You do realize that no vaccine is perfect, right? The polio vaccine i took (the live one) carried a small risk of giving you polio. It was also contagious. I have a friend who had smallpox. She’d been vaccinated, which is probably why she not only recovered but didn’t have a lot of scarring. But she was pretty damn sick and spent some time in the hospital.
I think it is good that the world is pretty much back to normal. Here in the UK there are no restrictions, no masking is required and you very rarely see any out and about.
It isn’t complacency, we now have vaccines that protect the majority from the worst effects of virus and the majority of general public have simply decided that they are able to live with the added risk of this additional airborne disease.
Covid hasn’t gone away but the 1918-20 flu never went away either and we learned to live with that.
Since we are bringing up anecdotes, most of the people who I know who have caught Covid have also taken the Covid shot. Yet, I did not, and have not. And yet, we were forced to proclaim that it is “safe and effective”, and in some cases, it was mandatory to take. All this, with the first talk about “breakthrough cases” being taboo, but now it is the norm.
Vaccines make you immune to a disease. That is the definition. Yes, vaccines fail some people, and some people get injured from vaccines, but not only are we not allowed to discuss any of those aspects of it, but, if the Covid shot’s main benefit is that it lessens the symptoms, well, that’s not a vaccine. It’s an antihistamine.
This, despite the effectiveness going to near zero, which has required multiple boosters of it in a very short time, and politicians announcing that they will not take it before it came out - and any other treatments being publicly shunned.

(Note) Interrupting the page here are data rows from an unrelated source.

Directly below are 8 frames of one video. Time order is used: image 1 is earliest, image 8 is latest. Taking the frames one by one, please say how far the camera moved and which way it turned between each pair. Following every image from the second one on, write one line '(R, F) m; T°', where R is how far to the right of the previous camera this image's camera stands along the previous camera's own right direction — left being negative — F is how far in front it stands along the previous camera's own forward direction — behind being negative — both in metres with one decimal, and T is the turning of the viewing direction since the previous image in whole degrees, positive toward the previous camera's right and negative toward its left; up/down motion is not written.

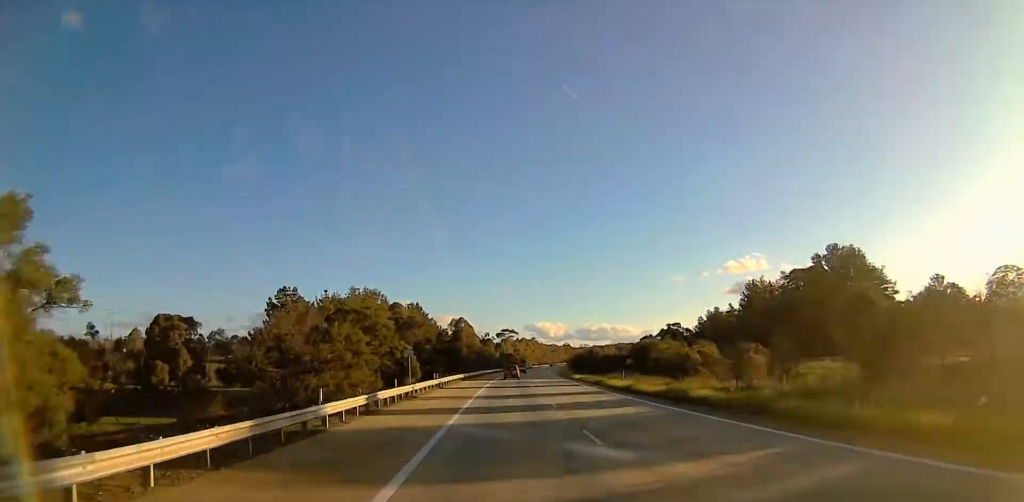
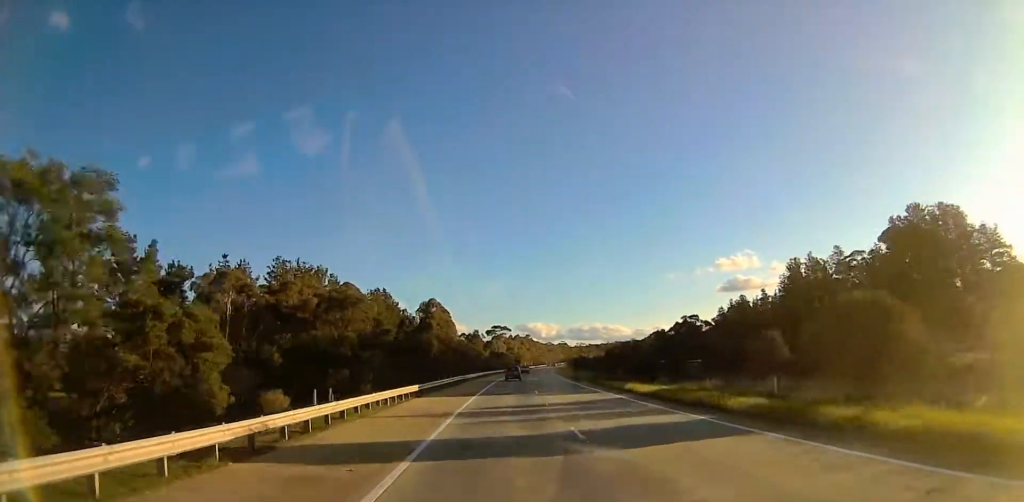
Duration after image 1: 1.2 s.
(0.0, +34.7) m; 0°
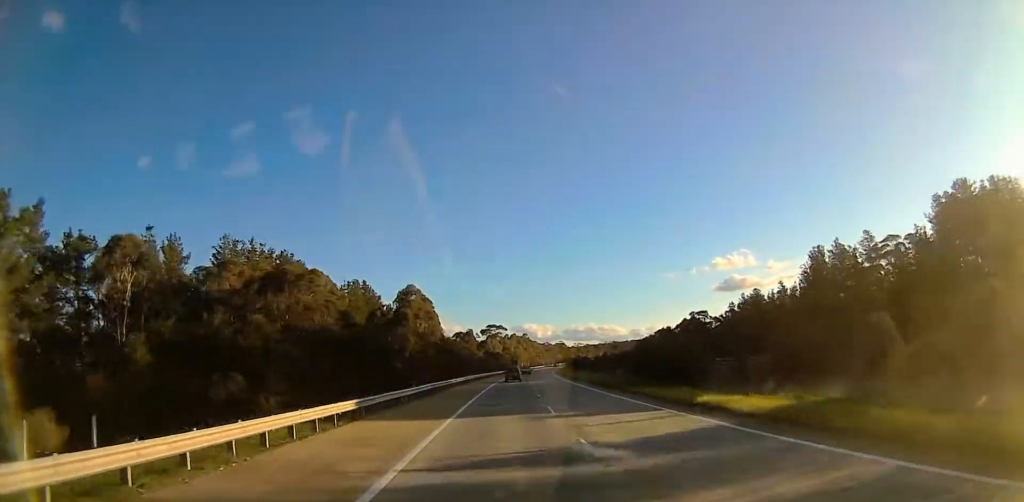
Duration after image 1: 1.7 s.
(0.0, +15.4) m; 0°
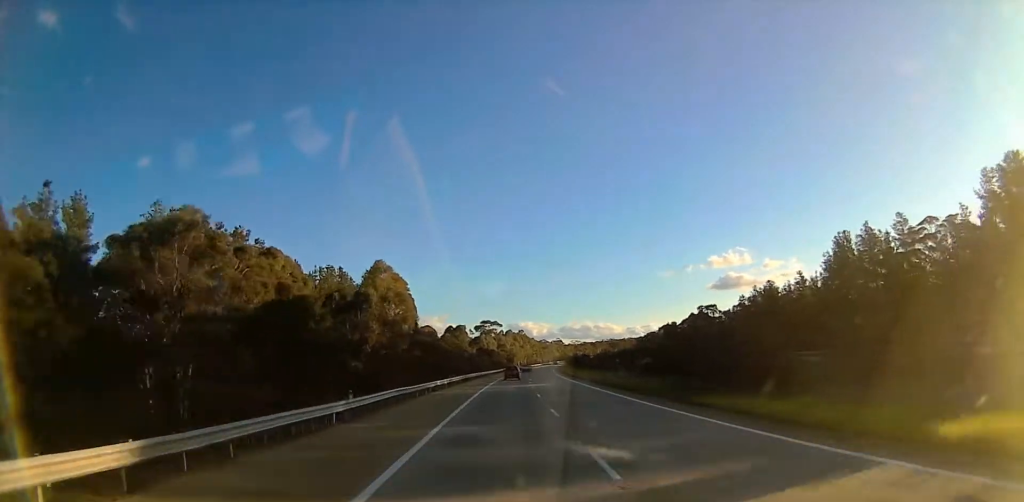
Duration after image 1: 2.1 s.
(0.0, +14.6) m; 0°
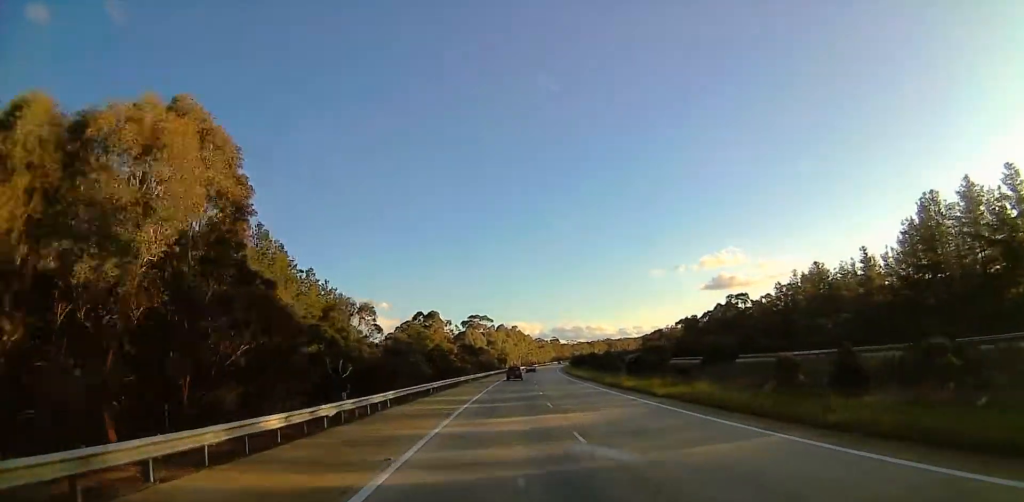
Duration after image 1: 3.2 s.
(0.0, +35.2) m; 0°
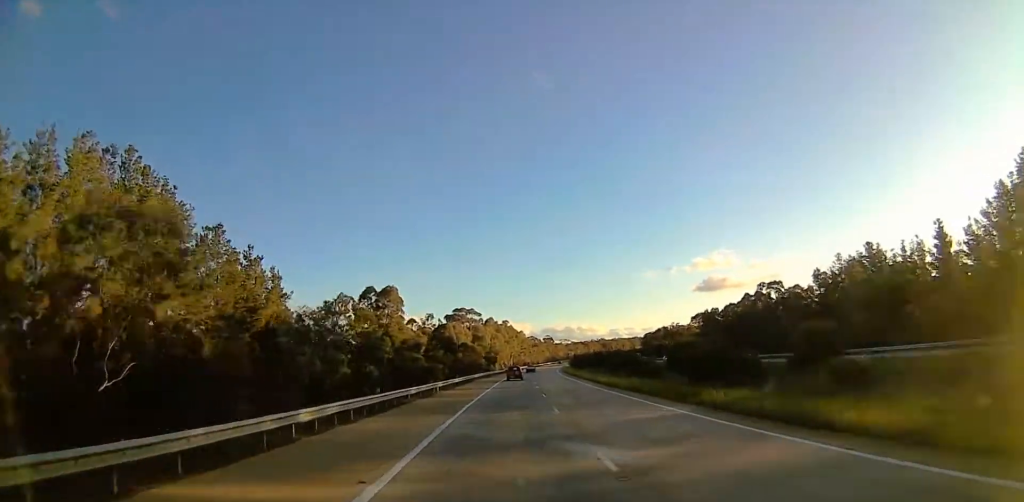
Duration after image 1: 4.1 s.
(0.0, +29.5) m; 0°
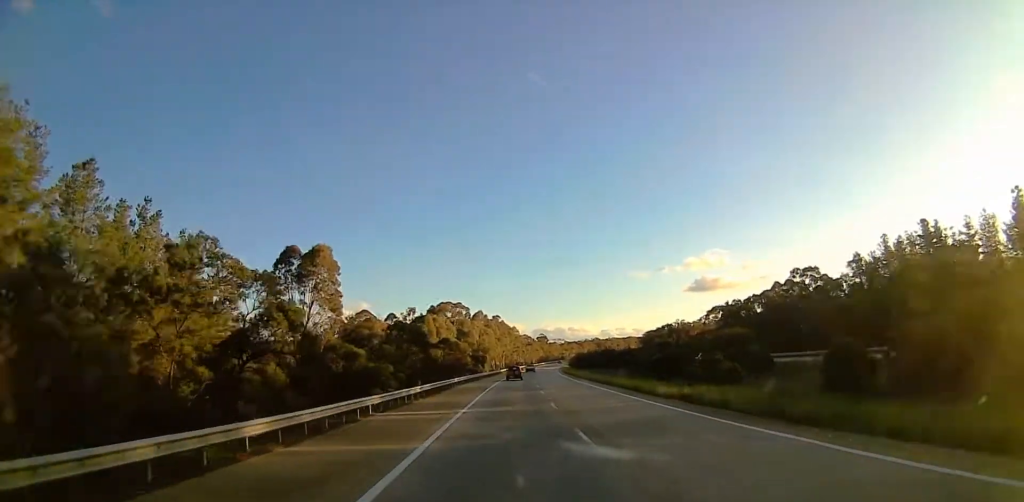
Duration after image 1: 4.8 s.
(0.0, +22.1) m; 0°
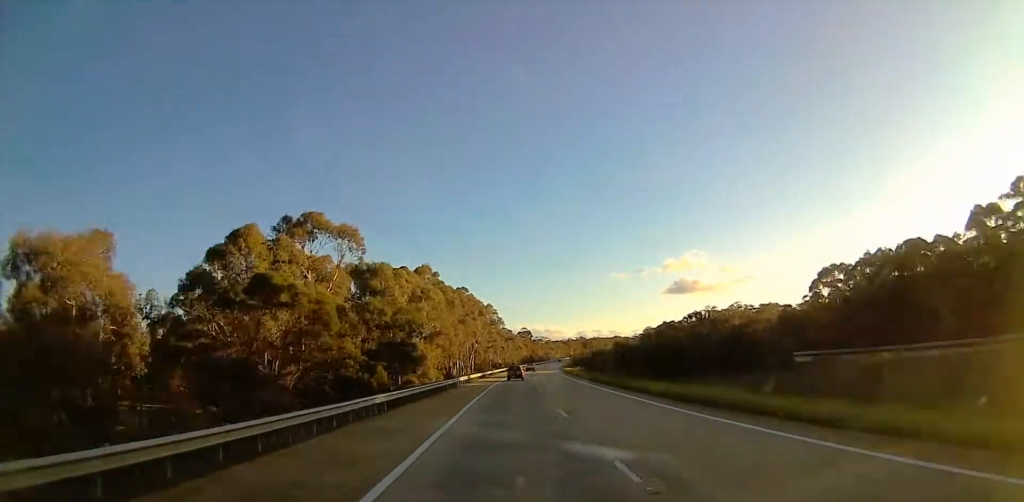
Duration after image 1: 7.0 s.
(0.0, +72.6) m; 0°
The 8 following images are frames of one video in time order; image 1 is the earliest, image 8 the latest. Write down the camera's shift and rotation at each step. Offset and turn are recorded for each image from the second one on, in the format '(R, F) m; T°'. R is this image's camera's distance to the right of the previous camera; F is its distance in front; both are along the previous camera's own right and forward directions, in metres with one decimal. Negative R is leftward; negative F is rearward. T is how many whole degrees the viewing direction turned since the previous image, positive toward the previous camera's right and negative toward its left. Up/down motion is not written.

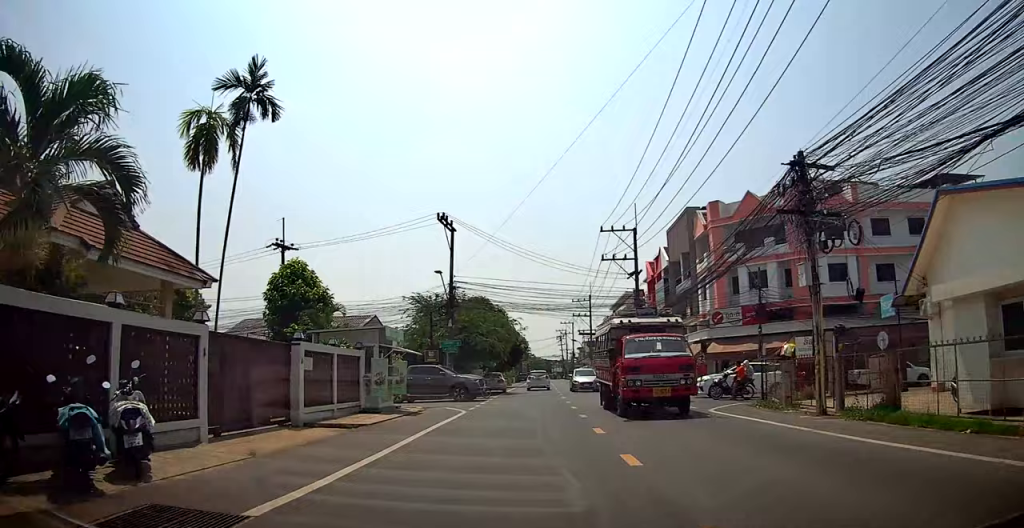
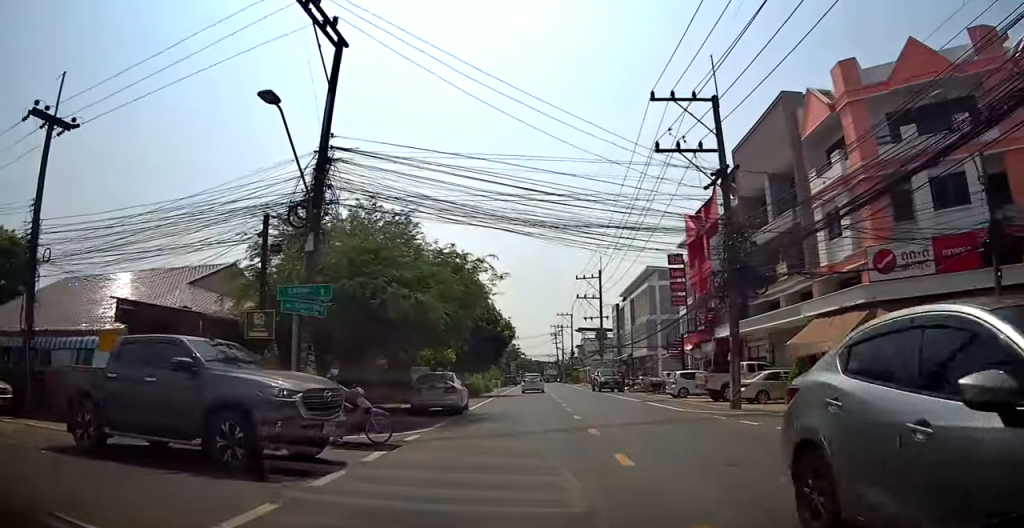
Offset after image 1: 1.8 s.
(-0.1, +20.2) m; 0°
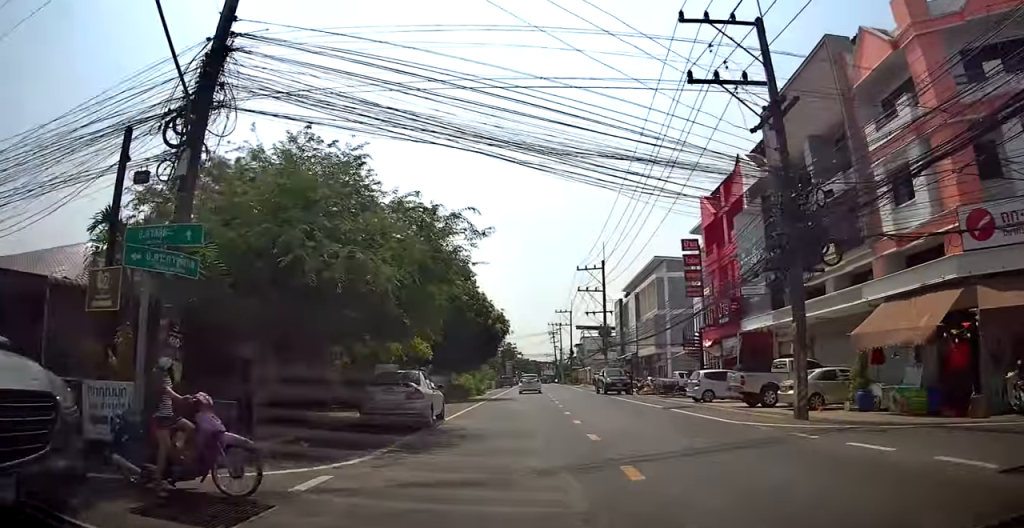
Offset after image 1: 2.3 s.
(+0.1, +5.1) m; 0°
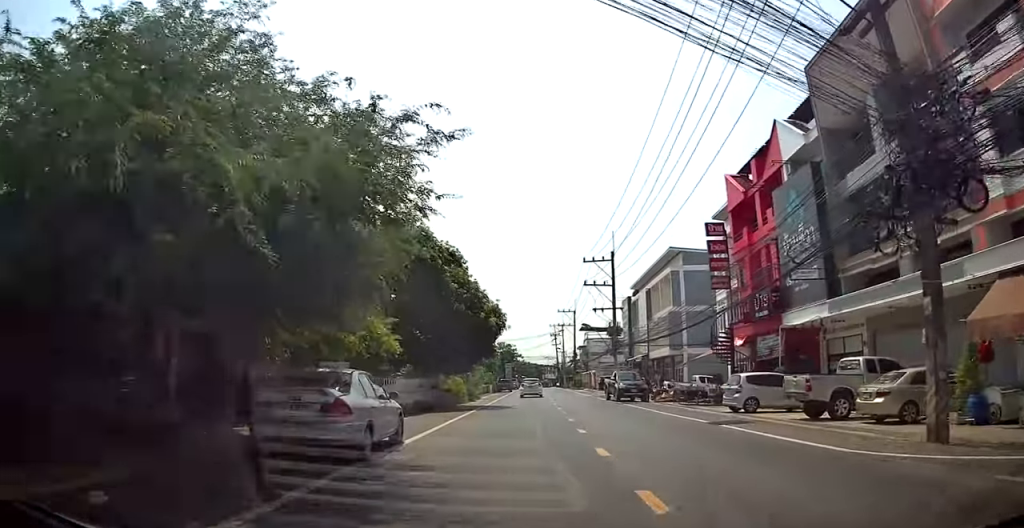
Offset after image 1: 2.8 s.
(+0.1, +5.3) m; 0°
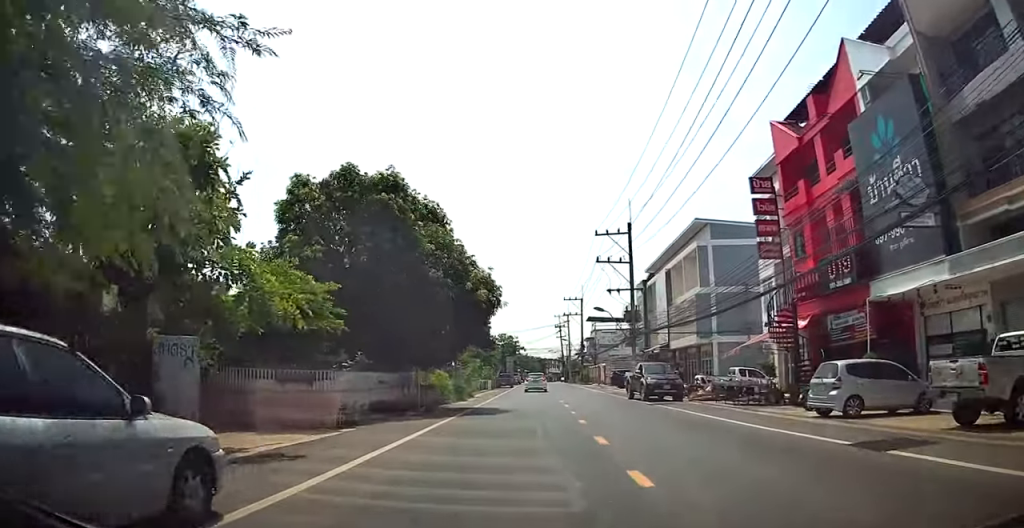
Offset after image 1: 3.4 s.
(0.0, +7.0) m; 0°
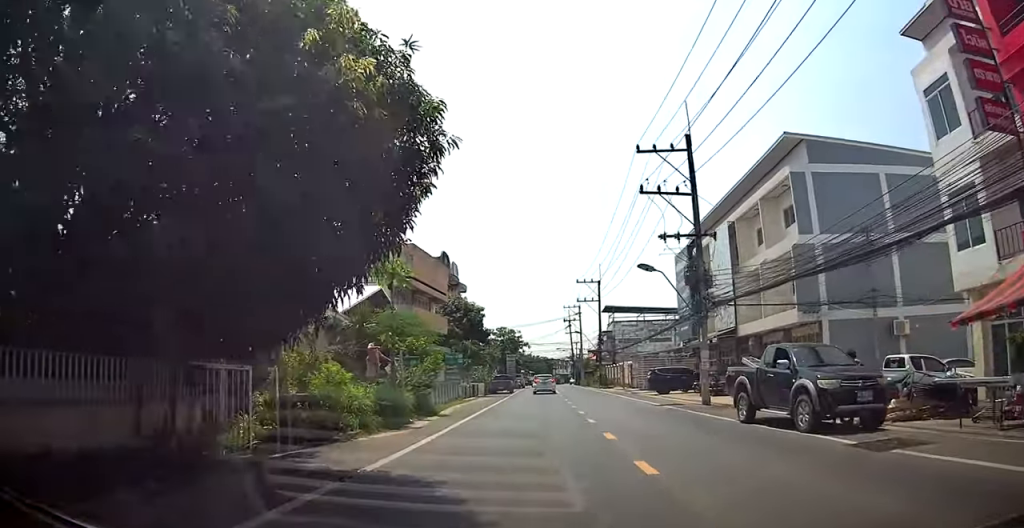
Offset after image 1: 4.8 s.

That’s tragic that you lost those people. I feel bad for you. Fortunately, both of my parents are still alive and in good health, but one of my biggest fears is having to deal with the inevitability of their deaths. I would rather die myself - especially if it would prolong their lives at all. I feel for you. I myself do not handle the deaths of loved ones very well.
But, there is a very good chance that your relatives did not die from Covid.
I’m going to assume that you can forking read, but I’ll bold it for you as you are clearly slow of mind. Jesus, you’re giving Sam Stone a serious run for his money and not reading your own cites, and you’ve been back for 24 hoursish. You didn’t even read your own TITLE.
You’d be wrong. There’s a 100% chance they died of covid. My uncle and aunt caught it before there was a vaccine, and it destroyed them. My mother was vaccinated, but originally immune compromised. I watched her die of covid pneumonia after it has killed her brain. A close friend in Canada tragically died of covid just after vaccines became universally available in the US, but when Canada still only had enough to vaccinate the elderly.
It’s true that covid is much less deadly now that pretty much every one has prior exposure, via vaccines, encountering the virus, or both. But it remains a nasty disease, and one that much more likely to leave you disabled than most of the other stuff circulating.